__Brief__
In total, how many lines of the data contain the word "matter"? Only that number is wanted.
── Material for this exercise
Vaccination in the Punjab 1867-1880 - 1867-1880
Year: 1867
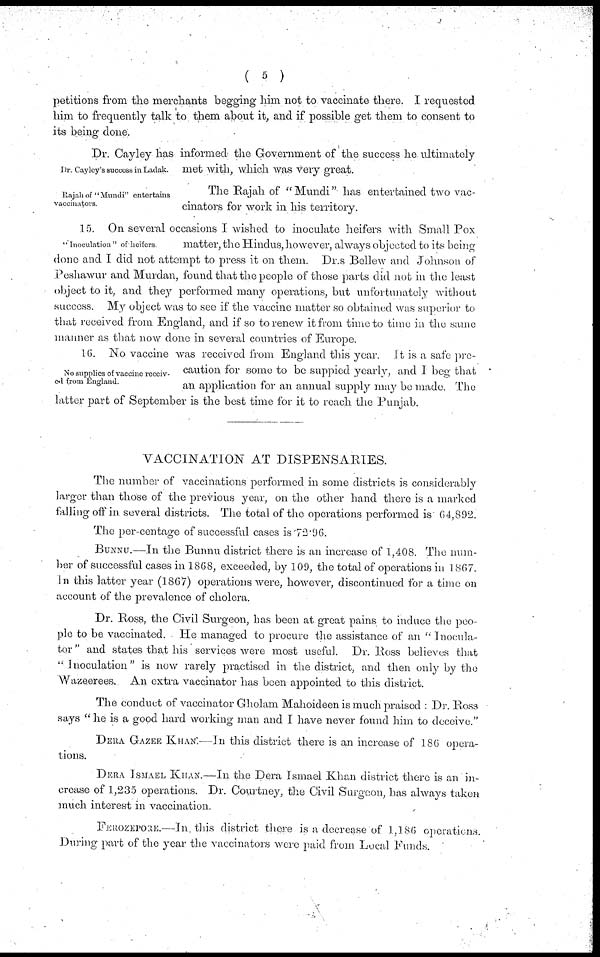
( 5 )
petitions from the merchants begging him not to vaccinate there. I requested
him to frequently talk to them about it, and if possible get them to consent to
its being done.
Dr. Caylcy's success in Ladak.
Dr. Cayley has informed the Government of the success he ultimately
met with, which was very great.
Rajah of "Mundi" entertains
vaccinators.
The Rajah of "Mundi" has entertained two vac-
cinators for work in his territory.
"Inoculation" of heifers
15. On several occasions I wished to inoculate heifers with Small Pox
matter, the Hindus, however, always objected to its being
done and I did not attempt to press it on them. Dr.s Bellew and Johnson of
Peshawur and Murdan, found that the people of those parts did not in the least
object to it, and they performed many operations, but unfortunately without
success. My object was to see if the vaccine matter so obtained was superior to
that received from England, and if so to renew it from time to time in the same
manner as that now done in several countries of Europe.
No supplies of vaccine receiv-
ed from England.
16. No vaccine was received from England this year. It is a safe pre-
caution for some to be suppied yearly, and I beg that
an application for an annual supply may be made. The
latter part of September is the best time for it to reach the Punjab.
VACCINATION AT DISPENSARIES.
The number of vaccinations performed in some districts is considerably
larger than those of the previous year, on the other hand there is a marked
falling off in several districts. The total of the operations performed is 64,892.
The per-centage of successful cases is 72.96.
BUNNU.—In the Bunnu district there is an increase of 1,408. The num-
ber of successful cases in 1868, exceeded, by 109, the total of operations in 1 867.
In this latter year (1867) operations were, however, discontinued for a time on
account of the prevalence of cholera.
Dr. Ross, the Civil Surgeon, has been at great pains to induce the peo-
ple to be vaccinated. He managed to procure the assistance of an "Inocula-
tor" and states that his services were most useful. Dr. Ross believes that
"Inoculation" is now rarely practised in the district, and then only by the
Wazeerees. An extra vaccinator has been appointed to this district.
The conduct of vaccinator Gholam Mahoideen is much praised : Dr. Ross
says "he is a good hard working man and I have never found him to deceive."
DERA GAZEE KHAN:—In this district there is an increase of 186 opera-
tions.
DERA ISMAEL KHAN.—In the Dera Ismael Khan district there is an in-
crease of 1,235 operations. Dr. Courtney, the Civil Surgeon, has always taken
much interest in vaccination.
FEROZEPORE.—In. this district there is a decrease of 1,186 operations.
During part of the year the vaccinators were paid from Local Funds.
────
__Written solution__
2